__Task instructions__: Print the data exactly as written, line for line, and leave its pictures behind.

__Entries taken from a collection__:

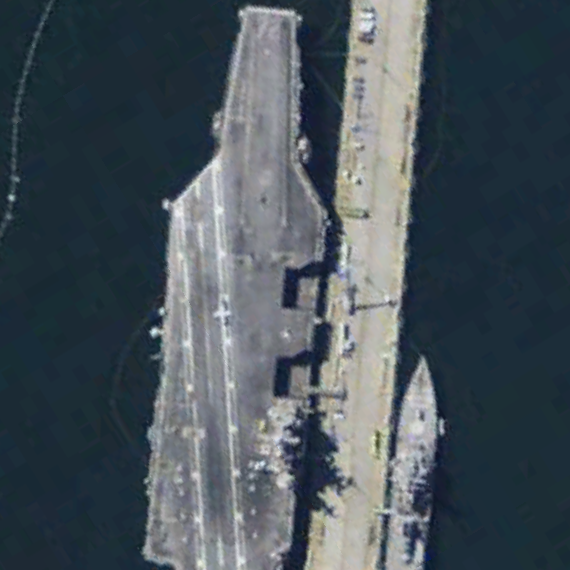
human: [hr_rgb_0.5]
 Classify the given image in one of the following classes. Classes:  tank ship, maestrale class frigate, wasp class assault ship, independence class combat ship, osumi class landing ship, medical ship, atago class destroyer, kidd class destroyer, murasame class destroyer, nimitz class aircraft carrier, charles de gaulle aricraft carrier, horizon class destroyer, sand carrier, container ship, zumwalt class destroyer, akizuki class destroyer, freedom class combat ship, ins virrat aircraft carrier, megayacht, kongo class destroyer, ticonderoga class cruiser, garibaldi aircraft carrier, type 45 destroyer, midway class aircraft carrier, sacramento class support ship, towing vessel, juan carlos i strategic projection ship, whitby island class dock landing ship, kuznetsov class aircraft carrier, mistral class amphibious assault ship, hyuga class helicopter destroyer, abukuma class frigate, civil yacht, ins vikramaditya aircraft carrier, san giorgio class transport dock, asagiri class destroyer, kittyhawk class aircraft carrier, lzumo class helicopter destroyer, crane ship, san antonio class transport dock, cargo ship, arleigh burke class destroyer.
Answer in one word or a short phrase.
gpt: Nimitz class aircraft carrier
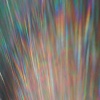
Label: sunburn
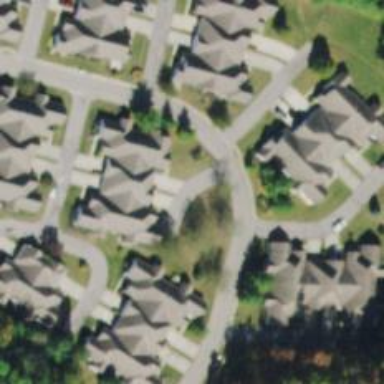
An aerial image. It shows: Shared driveway marked as service road.
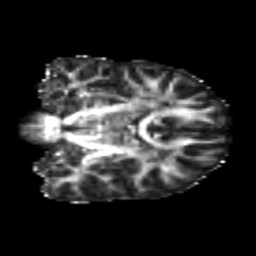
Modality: FA
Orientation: coronal
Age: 22
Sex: female
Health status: healthy
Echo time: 0.074 s
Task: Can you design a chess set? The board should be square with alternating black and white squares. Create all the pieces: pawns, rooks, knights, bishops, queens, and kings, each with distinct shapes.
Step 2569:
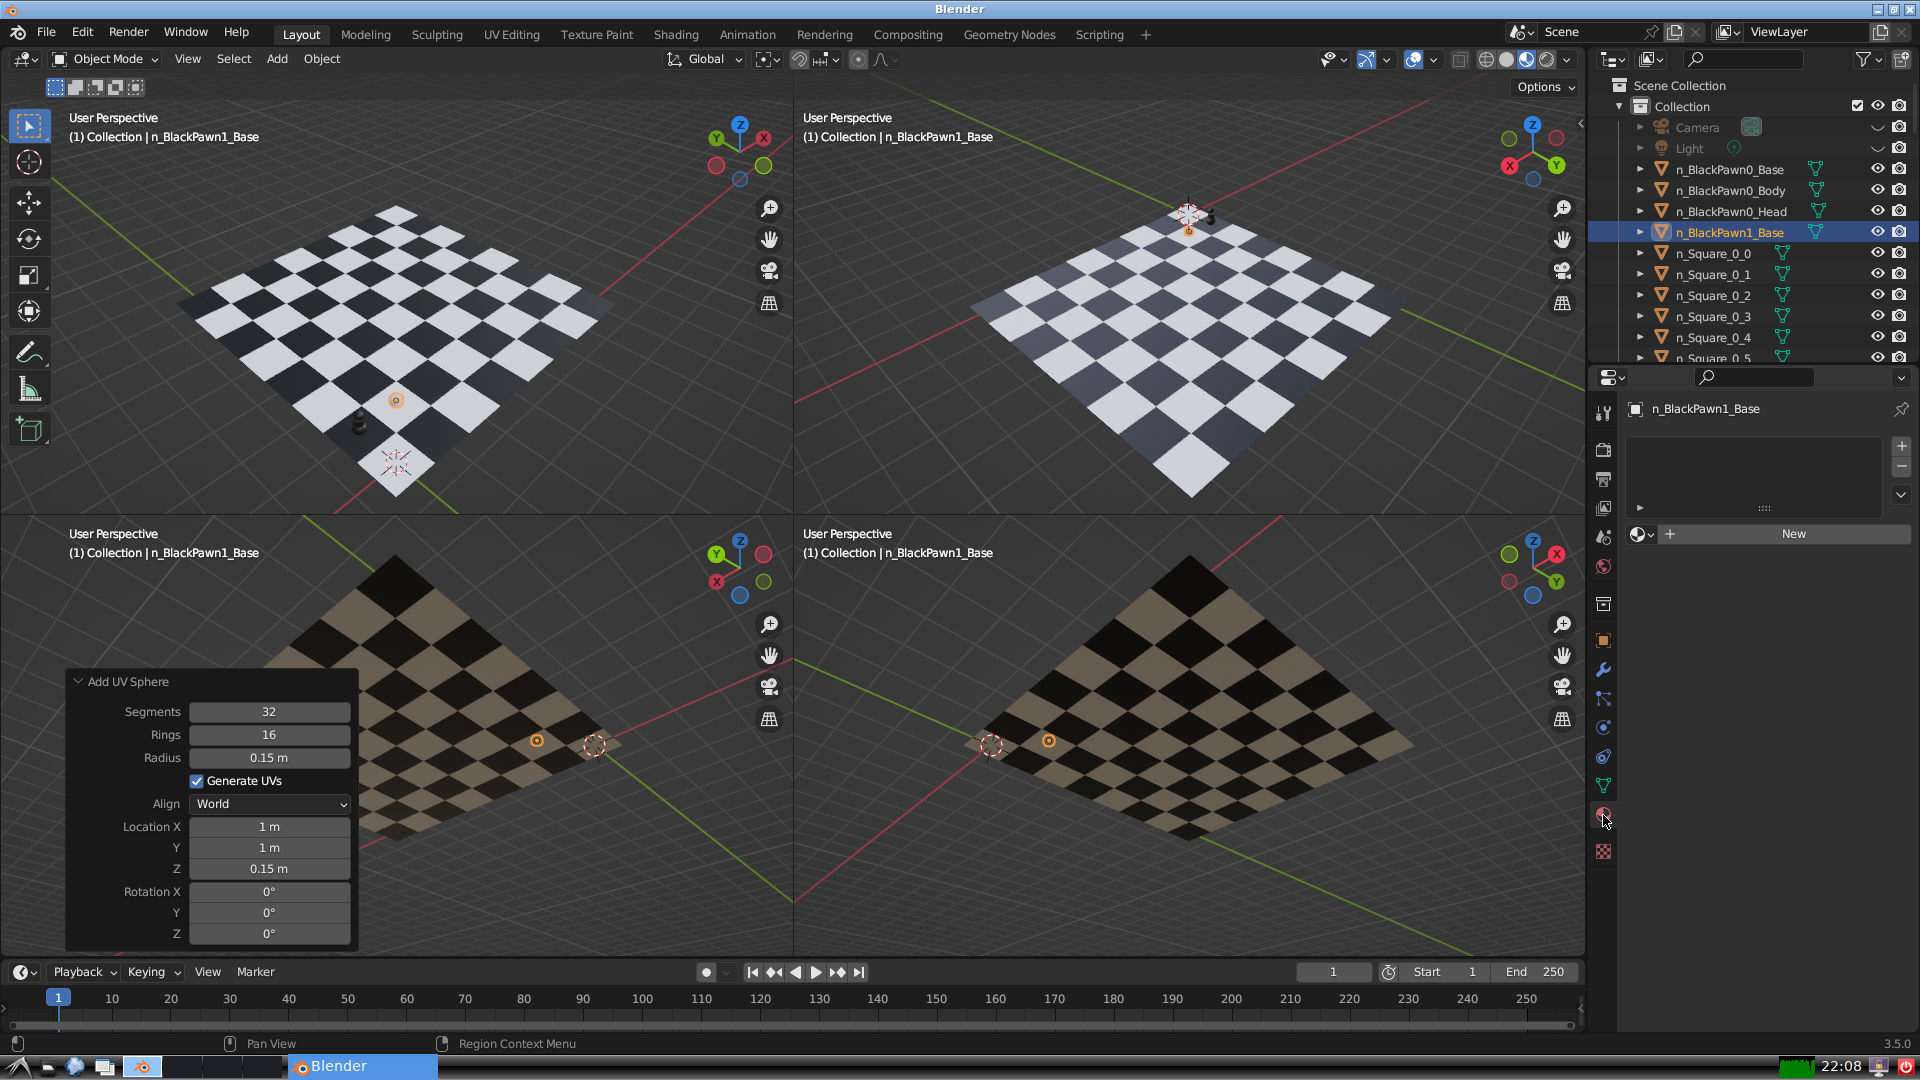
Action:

__Result of this exercise__:
human: [hr_rgb_0.5]
 Classify the given image in one of the following classes. Classes:  tank ship, maestrale class frigate, wasp class assault ship, independence class combat ship, osumi class landing ship, medical ship, atago class destroyer, kidd class destroyer, murasame class destroyer, nimitz class aircraft carrier, charles de gaulle aricraft carrier, horizon class destroyer, sand carrier, container ship, zumwalt class destroyer, akizuki class destroyer, freedom class combat ship, ins virrat aircraft carrier, megayacht, kongo class destroyer, ticonderoga class cruiser, garibaldi aircraft carrier, type 45 destroyer, midway class aircraft carrier, sacramento class support ship, towing vessel, juan carlos i strategic projection ship, whitby island class dock landing ship, kuznetsov class aircraft carrier, mistral class amphibious assault ship, hyuga class helicopter destroyer, abukuma class frigate, civil yacht, ins vikramaditya aircraft carrier, san giorgio class transport dock, asagiri class destroyer, kittyhawk class aircraft carrier, lzumo class helicopter destroyer, crane ship, san antonio class transport dock, cargo ship, arleigh burke class destroyer.
Answer in one word or a short phrase.
gpt: Nimitz class aircraft carrier
Label: sunburn
An aerial image. It shows: Shared driveway marked as service road.
Modality: FA
Orientation: coronal
Age: 22
Sex: female
Health status: healthy
Echo time: 0.074 s
Task: Can you design a chess set? The board should be square with alternating black and white squares. Create all the pieces: pawns, rooks, knights, bishops, queens, and kings, each with distinct shapes.
Step 2569:
Action:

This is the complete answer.